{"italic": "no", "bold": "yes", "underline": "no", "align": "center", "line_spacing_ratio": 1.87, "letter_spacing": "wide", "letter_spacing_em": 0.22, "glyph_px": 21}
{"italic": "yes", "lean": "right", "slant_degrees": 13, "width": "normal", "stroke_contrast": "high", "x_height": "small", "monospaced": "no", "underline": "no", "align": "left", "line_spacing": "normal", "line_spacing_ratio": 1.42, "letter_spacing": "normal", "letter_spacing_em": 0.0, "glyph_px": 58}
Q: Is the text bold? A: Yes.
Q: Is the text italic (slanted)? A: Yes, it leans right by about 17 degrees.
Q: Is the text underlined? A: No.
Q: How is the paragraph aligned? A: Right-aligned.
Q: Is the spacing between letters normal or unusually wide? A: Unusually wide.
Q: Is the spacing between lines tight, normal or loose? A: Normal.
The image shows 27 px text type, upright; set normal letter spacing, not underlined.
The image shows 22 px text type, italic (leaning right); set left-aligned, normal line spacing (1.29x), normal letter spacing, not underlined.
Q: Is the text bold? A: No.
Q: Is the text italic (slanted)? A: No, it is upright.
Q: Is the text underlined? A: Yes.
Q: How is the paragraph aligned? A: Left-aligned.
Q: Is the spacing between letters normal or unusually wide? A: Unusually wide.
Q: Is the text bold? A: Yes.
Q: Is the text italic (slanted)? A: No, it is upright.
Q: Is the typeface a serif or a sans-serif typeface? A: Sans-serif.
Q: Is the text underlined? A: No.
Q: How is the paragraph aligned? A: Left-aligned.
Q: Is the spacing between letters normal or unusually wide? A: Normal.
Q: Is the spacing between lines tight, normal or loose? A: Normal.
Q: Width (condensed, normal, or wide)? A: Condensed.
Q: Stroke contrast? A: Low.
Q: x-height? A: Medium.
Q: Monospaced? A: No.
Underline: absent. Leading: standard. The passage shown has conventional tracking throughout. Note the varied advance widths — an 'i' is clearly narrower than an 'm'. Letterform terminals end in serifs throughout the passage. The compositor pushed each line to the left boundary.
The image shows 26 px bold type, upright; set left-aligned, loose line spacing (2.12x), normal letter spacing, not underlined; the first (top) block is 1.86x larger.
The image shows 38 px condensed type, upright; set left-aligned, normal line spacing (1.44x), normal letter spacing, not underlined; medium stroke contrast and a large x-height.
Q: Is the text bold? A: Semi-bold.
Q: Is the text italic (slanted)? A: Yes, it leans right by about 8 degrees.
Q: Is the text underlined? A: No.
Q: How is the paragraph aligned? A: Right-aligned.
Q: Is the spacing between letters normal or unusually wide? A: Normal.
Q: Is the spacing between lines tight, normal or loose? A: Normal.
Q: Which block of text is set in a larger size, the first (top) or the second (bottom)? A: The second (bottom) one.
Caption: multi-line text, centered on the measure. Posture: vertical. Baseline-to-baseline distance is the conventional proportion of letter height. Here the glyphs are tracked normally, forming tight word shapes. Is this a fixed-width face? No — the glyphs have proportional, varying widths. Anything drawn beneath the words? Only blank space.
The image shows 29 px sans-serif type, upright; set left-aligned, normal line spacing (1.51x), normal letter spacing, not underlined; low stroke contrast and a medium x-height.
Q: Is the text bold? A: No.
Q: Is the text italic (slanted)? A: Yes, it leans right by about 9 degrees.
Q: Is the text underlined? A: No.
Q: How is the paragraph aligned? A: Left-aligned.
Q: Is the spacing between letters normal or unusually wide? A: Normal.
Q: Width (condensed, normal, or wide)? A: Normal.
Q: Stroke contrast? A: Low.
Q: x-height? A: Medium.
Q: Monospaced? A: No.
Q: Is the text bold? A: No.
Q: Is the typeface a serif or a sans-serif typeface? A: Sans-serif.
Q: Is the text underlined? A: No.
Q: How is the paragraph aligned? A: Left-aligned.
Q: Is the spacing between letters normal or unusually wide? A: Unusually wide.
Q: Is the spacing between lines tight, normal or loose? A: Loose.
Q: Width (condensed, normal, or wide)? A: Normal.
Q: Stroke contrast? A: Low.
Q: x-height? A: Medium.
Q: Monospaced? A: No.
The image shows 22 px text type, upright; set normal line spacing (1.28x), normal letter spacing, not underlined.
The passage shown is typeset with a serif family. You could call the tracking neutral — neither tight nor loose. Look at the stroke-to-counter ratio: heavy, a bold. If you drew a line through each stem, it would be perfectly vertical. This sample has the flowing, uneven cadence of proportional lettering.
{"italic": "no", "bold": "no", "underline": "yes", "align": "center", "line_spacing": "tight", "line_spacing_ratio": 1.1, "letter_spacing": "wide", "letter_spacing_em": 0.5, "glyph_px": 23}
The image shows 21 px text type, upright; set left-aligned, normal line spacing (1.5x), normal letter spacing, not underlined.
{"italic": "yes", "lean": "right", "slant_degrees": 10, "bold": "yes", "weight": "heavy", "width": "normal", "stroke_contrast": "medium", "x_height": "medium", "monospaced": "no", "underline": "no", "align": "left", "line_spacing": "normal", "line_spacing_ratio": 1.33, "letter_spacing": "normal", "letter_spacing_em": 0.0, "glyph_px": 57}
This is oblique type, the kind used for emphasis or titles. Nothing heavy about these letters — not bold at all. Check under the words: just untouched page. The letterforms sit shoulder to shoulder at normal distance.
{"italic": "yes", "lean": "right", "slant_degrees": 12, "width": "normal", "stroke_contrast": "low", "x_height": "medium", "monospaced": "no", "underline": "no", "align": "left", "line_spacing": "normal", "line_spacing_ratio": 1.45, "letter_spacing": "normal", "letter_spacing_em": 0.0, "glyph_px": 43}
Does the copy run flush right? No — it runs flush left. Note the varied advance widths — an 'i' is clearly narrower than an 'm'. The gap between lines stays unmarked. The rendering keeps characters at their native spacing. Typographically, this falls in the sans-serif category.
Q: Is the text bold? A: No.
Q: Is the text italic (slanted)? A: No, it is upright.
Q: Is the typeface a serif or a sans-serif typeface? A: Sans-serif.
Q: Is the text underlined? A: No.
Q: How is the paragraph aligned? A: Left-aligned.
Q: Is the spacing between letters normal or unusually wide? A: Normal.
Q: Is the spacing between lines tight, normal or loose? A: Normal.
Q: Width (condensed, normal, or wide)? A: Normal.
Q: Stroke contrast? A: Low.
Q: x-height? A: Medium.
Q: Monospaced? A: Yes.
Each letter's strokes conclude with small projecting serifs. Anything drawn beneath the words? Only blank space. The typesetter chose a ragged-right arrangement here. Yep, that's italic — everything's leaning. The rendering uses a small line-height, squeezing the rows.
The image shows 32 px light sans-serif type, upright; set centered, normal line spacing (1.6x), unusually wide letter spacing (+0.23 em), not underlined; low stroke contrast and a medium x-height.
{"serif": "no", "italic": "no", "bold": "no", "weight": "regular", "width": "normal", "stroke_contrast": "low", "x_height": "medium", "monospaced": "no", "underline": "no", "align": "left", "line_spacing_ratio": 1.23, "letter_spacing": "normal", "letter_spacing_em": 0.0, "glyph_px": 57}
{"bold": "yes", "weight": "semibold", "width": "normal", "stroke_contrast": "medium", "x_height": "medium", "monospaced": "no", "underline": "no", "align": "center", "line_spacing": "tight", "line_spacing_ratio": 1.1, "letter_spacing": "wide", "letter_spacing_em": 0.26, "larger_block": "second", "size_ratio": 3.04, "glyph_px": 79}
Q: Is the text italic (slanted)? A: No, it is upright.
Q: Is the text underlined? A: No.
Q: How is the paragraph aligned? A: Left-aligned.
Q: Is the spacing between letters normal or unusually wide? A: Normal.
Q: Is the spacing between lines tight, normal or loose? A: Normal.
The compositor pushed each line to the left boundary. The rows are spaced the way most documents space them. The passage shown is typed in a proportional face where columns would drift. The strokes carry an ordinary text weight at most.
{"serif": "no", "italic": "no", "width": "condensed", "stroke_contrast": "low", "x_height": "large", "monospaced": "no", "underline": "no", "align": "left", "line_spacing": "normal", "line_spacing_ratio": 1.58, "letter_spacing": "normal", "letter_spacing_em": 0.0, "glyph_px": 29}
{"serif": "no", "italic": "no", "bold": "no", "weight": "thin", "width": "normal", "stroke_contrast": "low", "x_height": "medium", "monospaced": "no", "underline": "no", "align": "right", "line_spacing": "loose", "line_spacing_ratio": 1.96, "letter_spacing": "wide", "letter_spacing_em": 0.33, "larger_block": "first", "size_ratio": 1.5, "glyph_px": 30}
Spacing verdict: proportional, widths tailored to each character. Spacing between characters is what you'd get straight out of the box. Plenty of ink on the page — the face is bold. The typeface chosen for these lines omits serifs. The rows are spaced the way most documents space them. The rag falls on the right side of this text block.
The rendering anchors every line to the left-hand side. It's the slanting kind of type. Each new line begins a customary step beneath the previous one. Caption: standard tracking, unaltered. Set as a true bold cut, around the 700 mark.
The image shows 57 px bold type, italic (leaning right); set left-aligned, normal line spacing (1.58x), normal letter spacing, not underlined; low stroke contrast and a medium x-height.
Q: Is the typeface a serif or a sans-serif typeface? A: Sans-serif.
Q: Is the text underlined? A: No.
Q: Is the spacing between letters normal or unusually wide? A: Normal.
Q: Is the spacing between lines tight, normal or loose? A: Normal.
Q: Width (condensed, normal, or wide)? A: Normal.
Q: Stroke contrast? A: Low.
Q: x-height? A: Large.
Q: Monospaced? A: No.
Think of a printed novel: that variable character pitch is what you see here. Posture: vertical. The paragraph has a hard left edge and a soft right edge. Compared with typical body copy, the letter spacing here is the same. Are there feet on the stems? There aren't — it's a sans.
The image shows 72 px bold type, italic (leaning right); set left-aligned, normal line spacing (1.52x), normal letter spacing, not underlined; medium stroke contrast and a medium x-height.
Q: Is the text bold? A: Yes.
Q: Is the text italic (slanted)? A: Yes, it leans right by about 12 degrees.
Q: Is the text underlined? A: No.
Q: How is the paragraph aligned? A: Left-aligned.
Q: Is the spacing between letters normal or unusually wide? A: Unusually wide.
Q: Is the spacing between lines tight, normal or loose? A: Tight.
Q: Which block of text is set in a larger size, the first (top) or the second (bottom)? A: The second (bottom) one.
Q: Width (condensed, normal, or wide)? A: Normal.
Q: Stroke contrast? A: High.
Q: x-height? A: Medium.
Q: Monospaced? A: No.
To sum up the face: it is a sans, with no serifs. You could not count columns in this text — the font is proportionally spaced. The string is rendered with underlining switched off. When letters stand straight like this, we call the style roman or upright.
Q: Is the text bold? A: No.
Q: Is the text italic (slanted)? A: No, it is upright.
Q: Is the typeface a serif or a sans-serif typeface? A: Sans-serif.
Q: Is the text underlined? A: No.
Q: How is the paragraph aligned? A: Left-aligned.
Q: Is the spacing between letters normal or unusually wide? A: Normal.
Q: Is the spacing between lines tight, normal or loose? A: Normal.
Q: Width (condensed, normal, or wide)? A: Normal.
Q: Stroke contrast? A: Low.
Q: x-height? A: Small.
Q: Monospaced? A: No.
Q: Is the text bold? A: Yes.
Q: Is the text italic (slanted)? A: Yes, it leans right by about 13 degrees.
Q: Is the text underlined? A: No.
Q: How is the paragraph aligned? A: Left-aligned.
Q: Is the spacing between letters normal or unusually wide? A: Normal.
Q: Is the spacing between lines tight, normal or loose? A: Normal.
# # # # # # #
AIM OF THE EXERCISE ▸ Filter the records above, keeping each line that contains the word "them".

ANSWER SPACE ▸
The compositor pushed each line to the left boundary. The rows are spaced the way most documents space them. The passage shown is typed in a proportional face where columns would drift. The strokes carry an ordinary text weight at most.
Spacing verdict: proportional, widths tailored to each character. Spacing between characters is what you'd get straight out of the box. Plenty of ink on the page — the face is bold. The typeface chosen for these lines omits serifs. The rows are spaced the way most documents space them. The rag falls on the right side of this text block.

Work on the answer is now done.